#### [What is expected]
Skip any image you find and restate the rest of the data word for word.

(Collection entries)
* * * * * * *
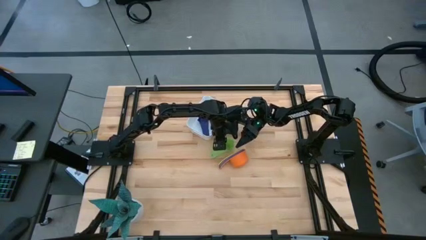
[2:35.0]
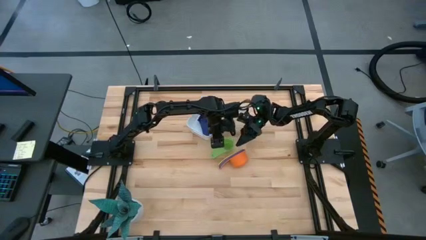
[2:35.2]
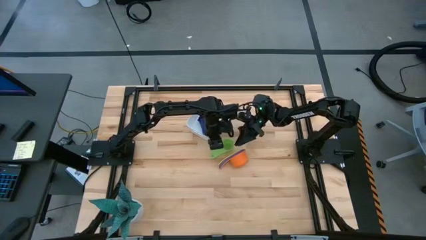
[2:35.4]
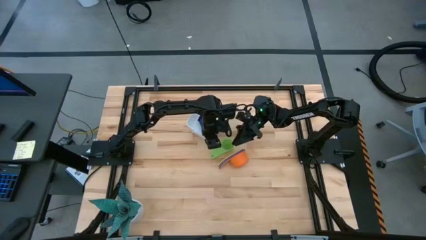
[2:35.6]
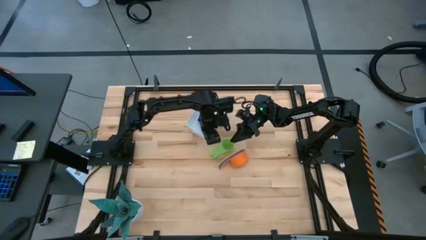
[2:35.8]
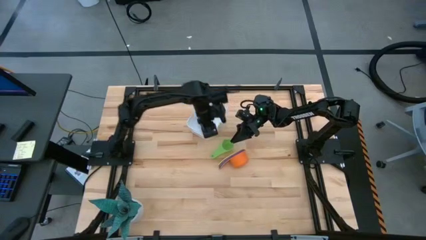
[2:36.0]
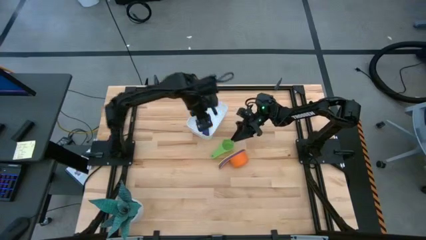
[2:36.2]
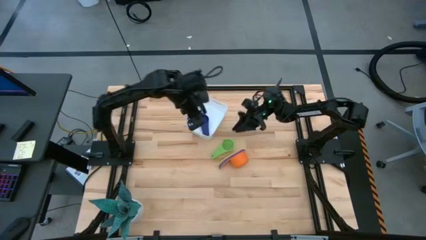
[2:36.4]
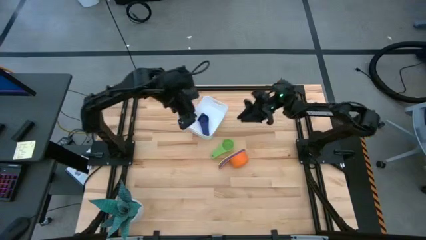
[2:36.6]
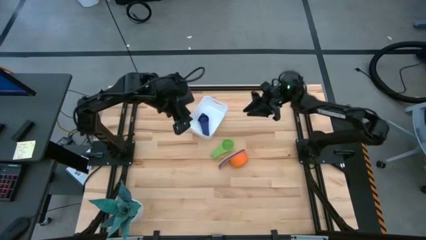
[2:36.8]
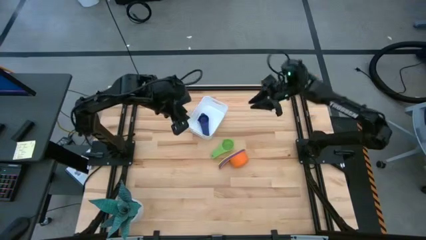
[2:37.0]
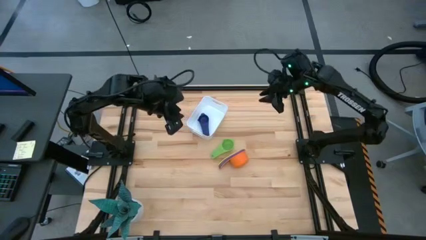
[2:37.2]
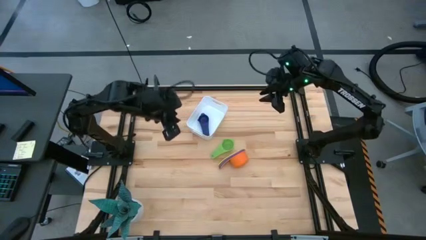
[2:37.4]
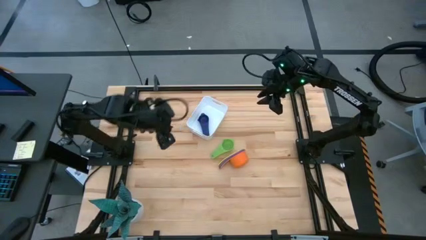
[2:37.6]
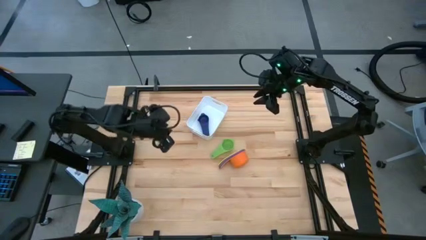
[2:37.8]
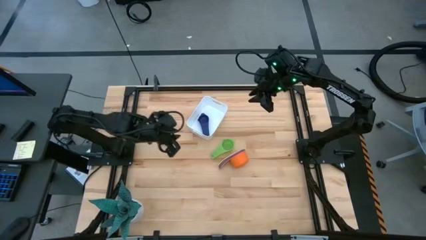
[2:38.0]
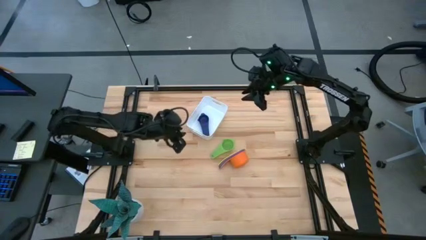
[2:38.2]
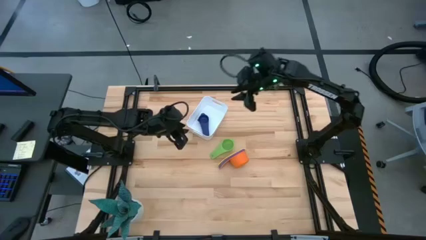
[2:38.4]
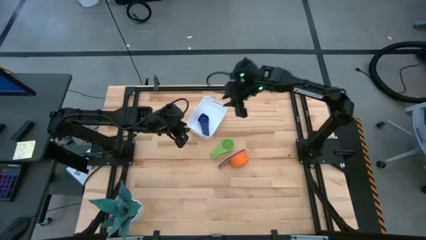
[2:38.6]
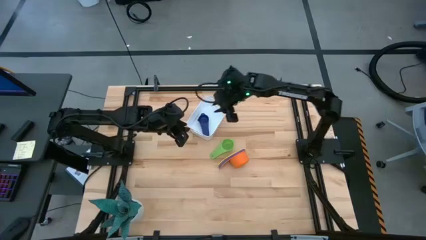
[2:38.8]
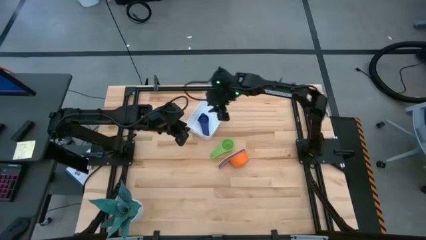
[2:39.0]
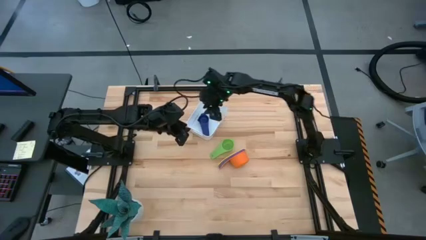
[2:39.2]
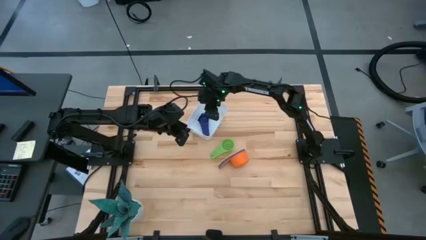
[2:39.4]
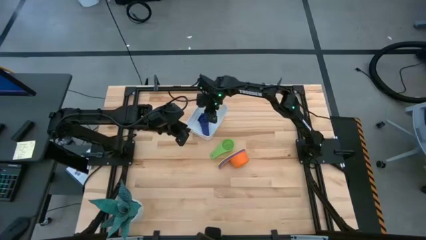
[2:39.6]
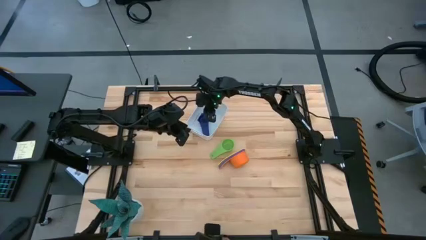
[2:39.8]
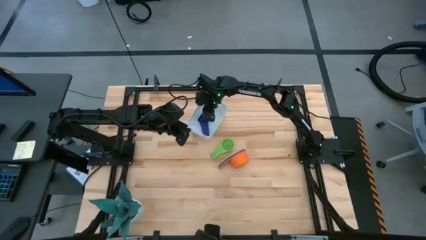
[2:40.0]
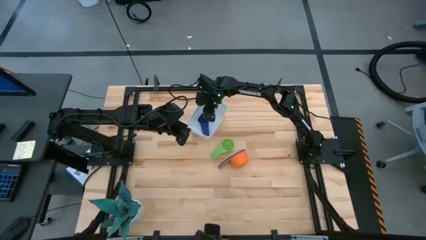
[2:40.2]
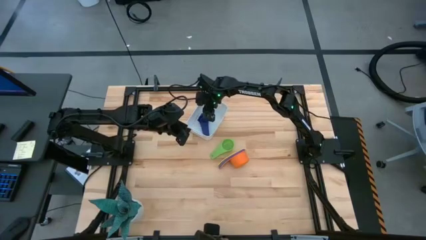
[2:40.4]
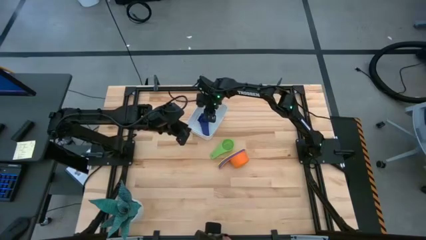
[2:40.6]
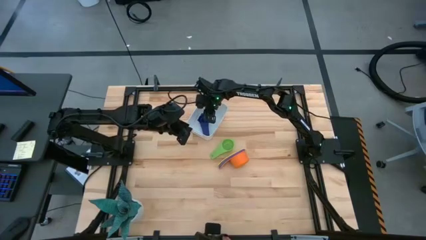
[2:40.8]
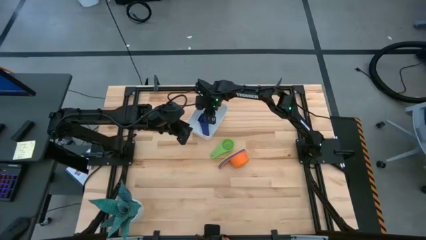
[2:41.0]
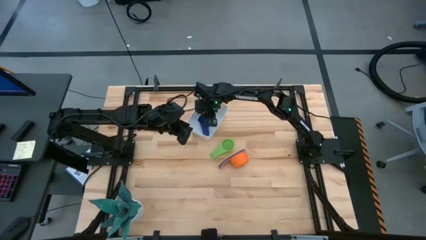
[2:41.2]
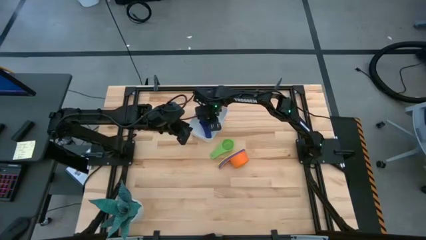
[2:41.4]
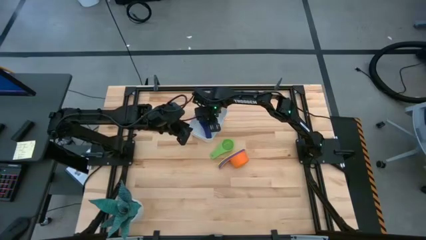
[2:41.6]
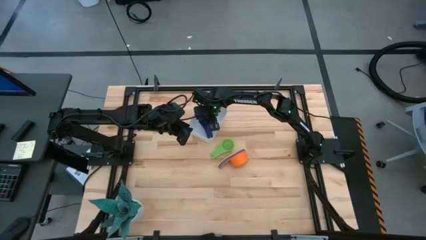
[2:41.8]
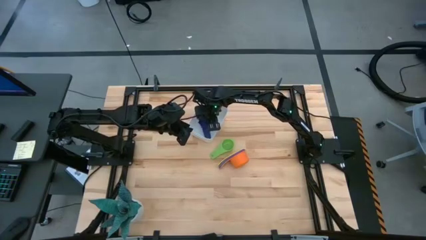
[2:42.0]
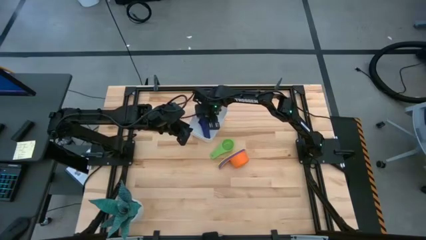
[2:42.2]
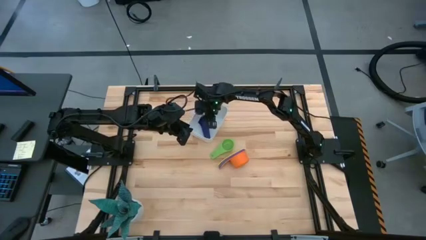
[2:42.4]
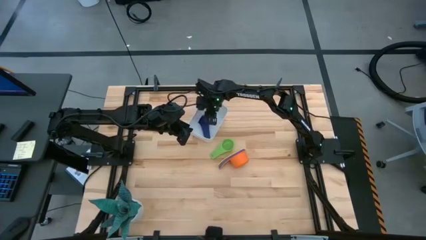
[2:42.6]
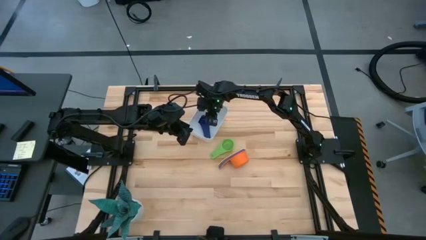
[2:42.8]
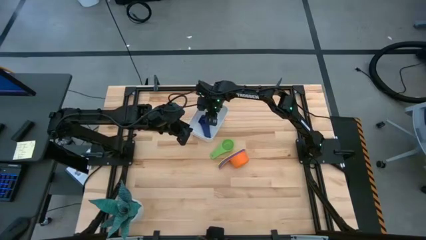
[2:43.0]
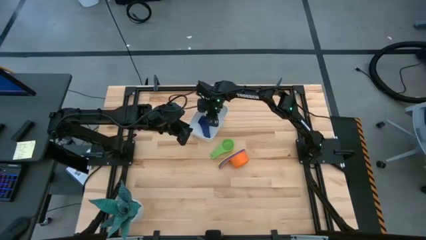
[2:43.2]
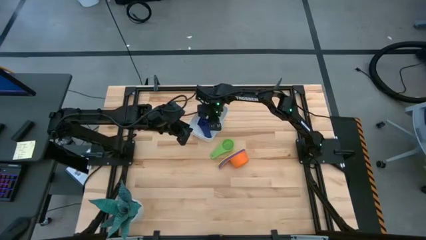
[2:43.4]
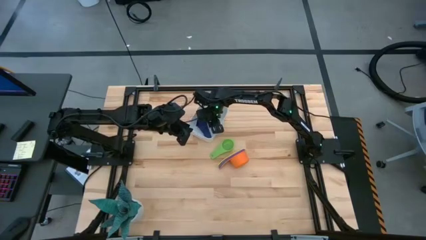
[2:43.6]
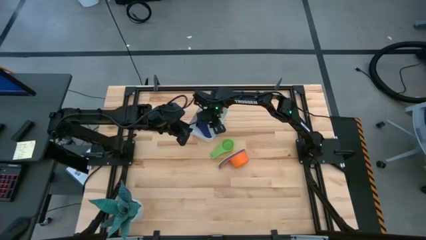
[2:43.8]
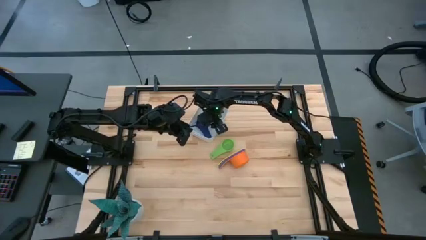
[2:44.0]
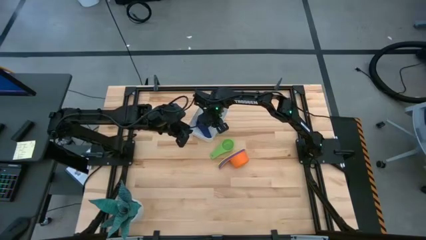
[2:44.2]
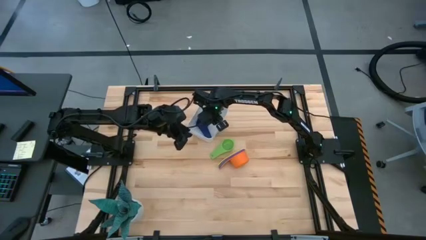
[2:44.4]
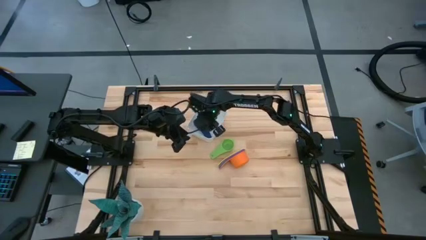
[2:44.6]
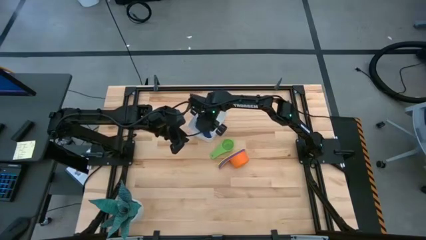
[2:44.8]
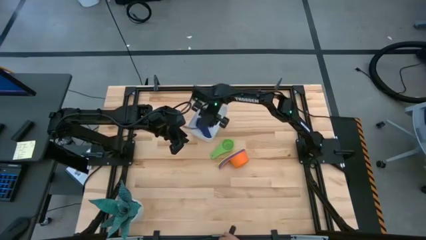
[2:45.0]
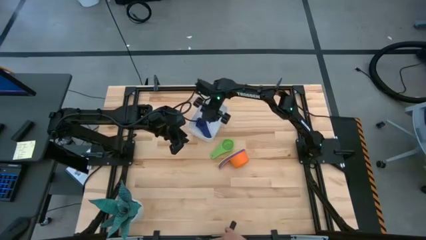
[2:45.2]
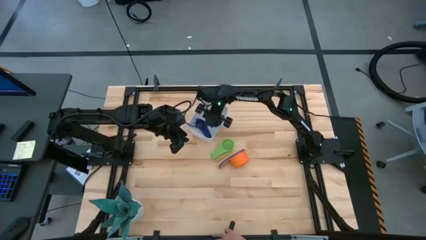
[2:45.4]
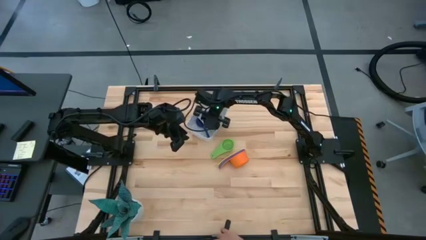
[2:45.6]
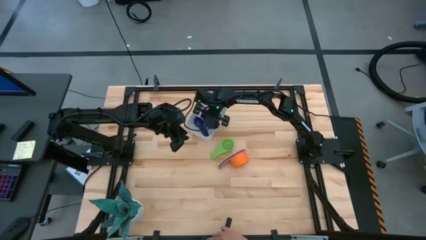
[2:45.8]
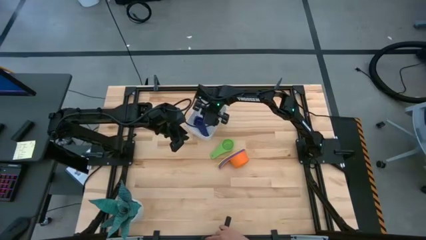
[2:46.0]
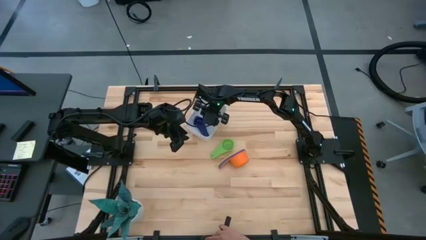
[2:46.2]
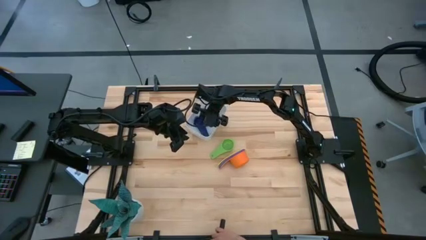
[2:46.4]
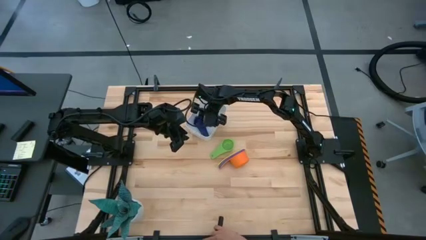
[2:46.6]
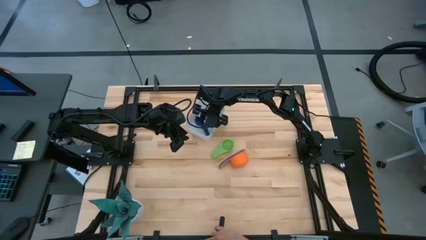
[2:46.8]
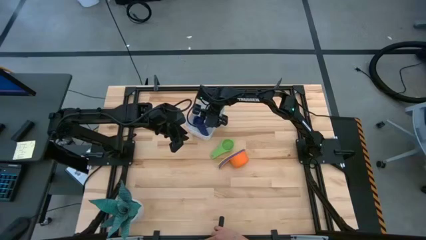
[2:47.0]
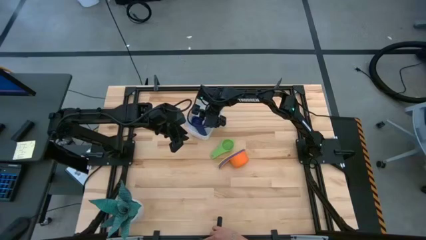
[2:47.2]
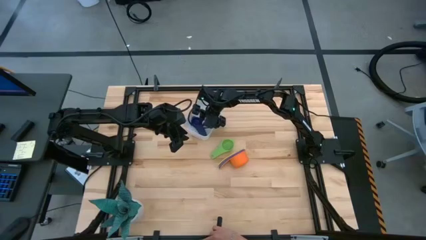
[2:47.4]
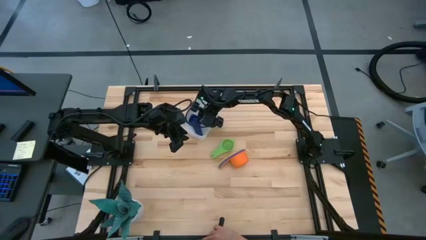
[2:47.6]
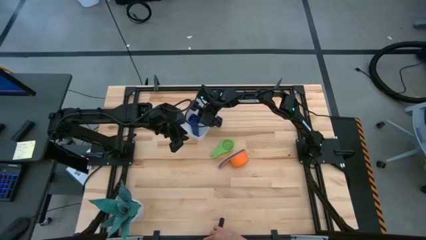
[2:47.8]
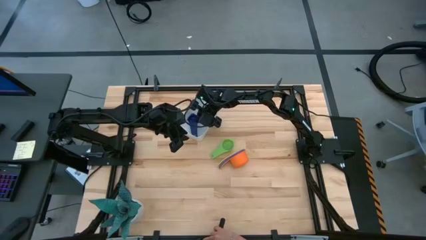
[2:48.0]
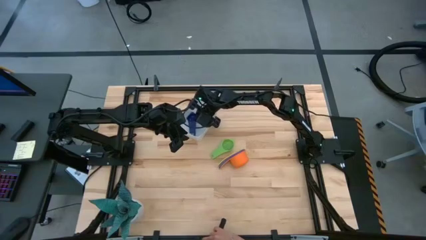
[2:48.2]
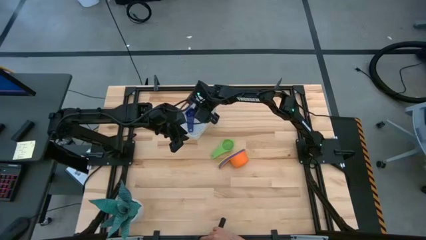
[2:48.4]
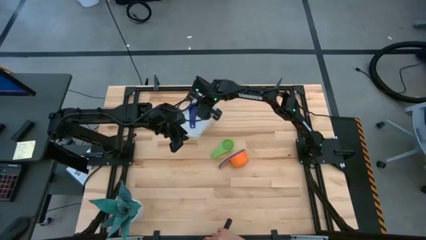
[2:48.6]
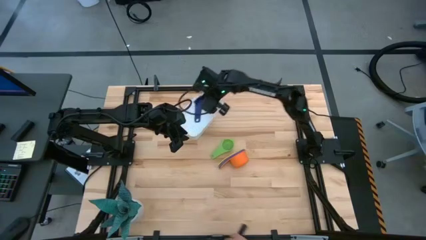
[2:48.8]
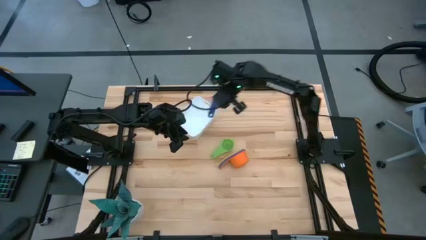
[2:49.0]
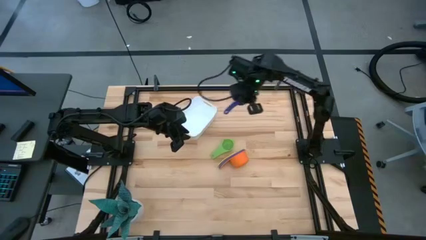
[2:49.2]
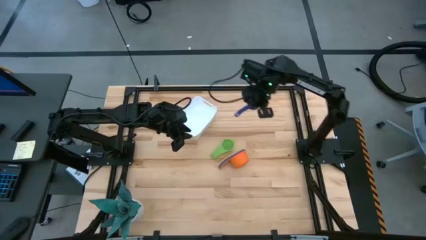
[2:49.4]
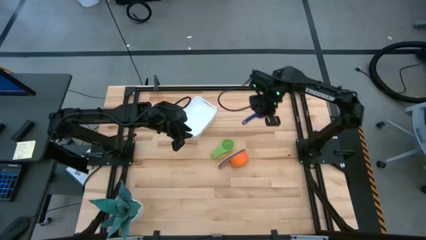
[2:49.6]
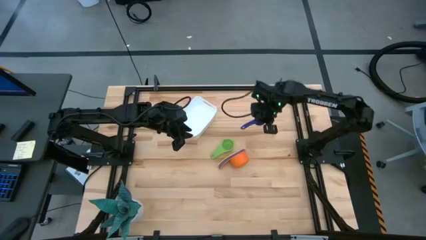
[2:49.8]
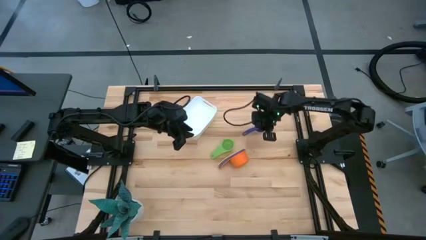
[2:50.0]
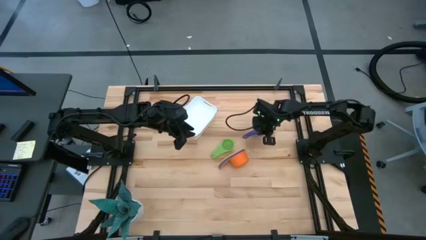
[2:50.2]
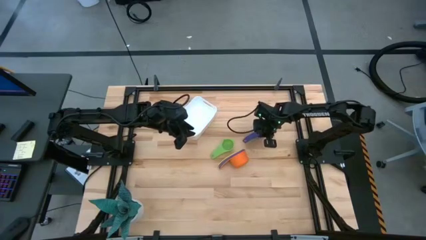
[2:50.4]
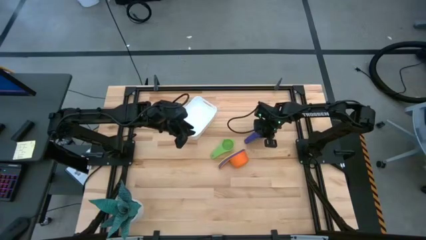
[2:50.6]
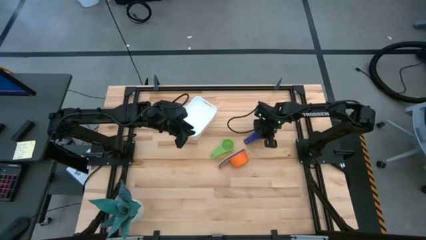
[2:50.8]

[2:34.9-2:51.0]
Task: Nest measuring cups in basket
Remove the dark blue measuring cup from the white bin
* * * * * * *
#### [Task solution]
[2:35.0]
[2:35.2]
[2:35.4]
[2:35.6]
[2:35.8]
[2:36.0]
[2:36.2]
[2:36.4]
[2:36.6]
[2:36.8]
[2:37.0]
[2:37.2]
[2:37.4]
[2:37.6]
[2:37.8]
[2:38.0]
[2:38.2]
[2:38.4]
[2:38.6]
[2:38.8]
[2:39.0]
[2:39.2]
[2:39.4]
[2:39.6]
[2:39.8]
[2:40.0]
[2:40.2]
[2:40.4]
[2:40.6]
[2:40.8]
[2:41.0]
[2:41.2]
[2:41.4]
[2:41.6]
[2:41.8]
[2:42.0]
[2:42.2]
[2:42.4]
[2:42.6]
[2:42.8]
[2:43.0]
[2:43.2]
[2:43.4]
[2:43.6]
[2:43.8]
[2:44.0]
[2:44.2]
[2:44.4]
[2:44.6]
[2:44.8]
[2:45.0]
[2:45.2]
[2:45.4]
[2:45.6]
[2:45.8]
[2:46.0]
[2:46.2]
[2:46.4]
[2:46.6]
[2:46.8]
[2:47.0]
[2:47.2]
[2:47.4]
[2:47.6]
[2:47.8]
[2:48.0]
[2:48.2]
[2:48.4]
[2:48.6]
[2:48.8]
[2:49.0]
[2:49.2]
[2:49.4]
[2:49.6]
[2:49.8]
[2:50.0]
[2:50.2]
[2:50.4]
[2:50.6]
[2:50.8]

[2:34.9-2:51.0]
Task: Nest measuring cups in basket
Remove the dark blue measuring cup from the white bin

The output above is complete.